The peace of the afternoon was shattered not by a roar, but by a sudden, unnatural drop in temperature. Near the edge of the Winterfell stables, a group of children had been playing in the snow, oblivious to the frost creeping over the stones.

From the shadows of the old granary, three shapes emerged—withered, blue-eyed Wights, their flesh frozen and grey. They hissed, raising rusted blades to strike at the smallest boy.

Before the children could even scream, three streaks of charcoal-black fur blurred across the yard. The Domesticated Hellhounds didn't bark; they unleashed a guttural, fiery growl that turned the falling snow to steam.

The largest hound, its eyes glowing like hearth-fires, leaped. It caught the lead Wight by the throat, its molten jaw snapping through frozen bone as if it were dry kindling. The other two hounds flanked the remaining undead, their paws trailing embers. In a matter of seconds, the "monsters" of the Abyss had reduced the White Walkers' scouts to piles of charred sticks.

To the surprise of the gathered guards, the hounds didn't remain in a bloodlust. As the danger passed, the largest hound—a beast that could stand shoulder-to-shoulder with a direwolf—turned back to the children. It gave a low, rumbling huff and licked the boy's face with a tongue that smelled of warm cedar and smoke.

"They're... they're just dogs," a young squire breathed, watching a toddler fearlessly grab the "demon dog's" smoldering ears.

Unlike the mangy, rabid wild demons that came through the rifts, these hounds were sleek, loyal, and strangely gentle with the smallfolk.
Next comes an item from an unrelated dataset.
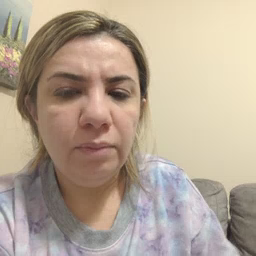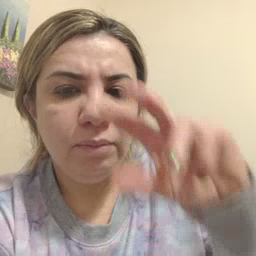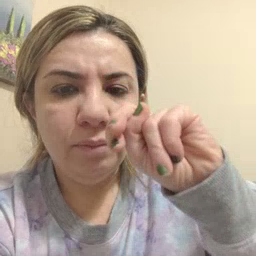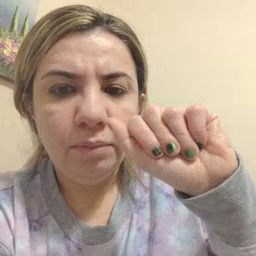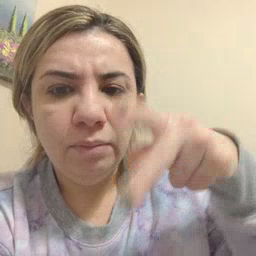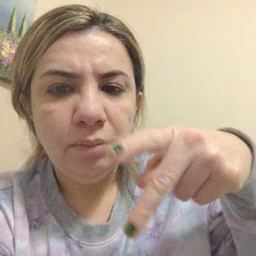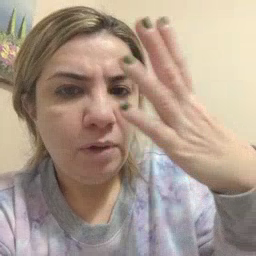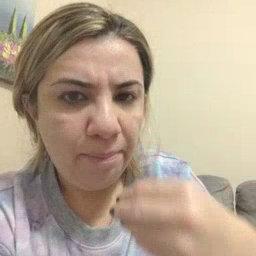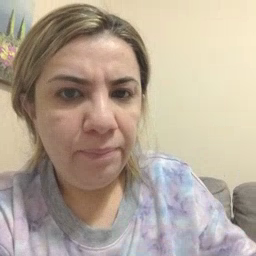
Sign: nap
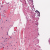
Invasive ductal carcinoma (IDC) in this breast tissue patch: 0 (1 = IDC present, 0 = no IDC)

They took up positions at the gates and by the nursery, acting as silent, glowing sentinels that the children quickly began to treat as oversized pets.
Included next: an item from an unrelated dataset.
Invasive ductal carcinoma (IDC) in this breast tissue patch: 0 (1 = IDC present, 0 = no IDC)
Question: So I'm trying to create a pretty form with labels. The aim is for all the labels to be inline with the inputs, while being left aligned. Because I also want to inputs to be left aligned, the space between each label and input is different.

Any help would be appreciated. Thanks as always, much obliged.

The moment of play was cut short. A horn blasted from the battlements—three long, low notes.

"Rangers! Wardens! To the walls!" Ned Stark's voice boomed, amplified by Beelzebub's resonance.

From the white haze of the North, an army appeared that made the previous rifts look like child's play. It wasn't just Wights; it was a legion of Liches—skeletal sorcerers draped in tattered robes—leading hundreds of Walking Skeletons. And running alongside them, like a pack of rabid wolves, were the Wild Hellhounds—twisted, bone-protruding versions of Philips's domesticated pets.

"This is it," Philips said, standing atop the gatehouse, his hand resting on the hilt of a Forbidden Ritual Dagger. "The debut of the Covenant."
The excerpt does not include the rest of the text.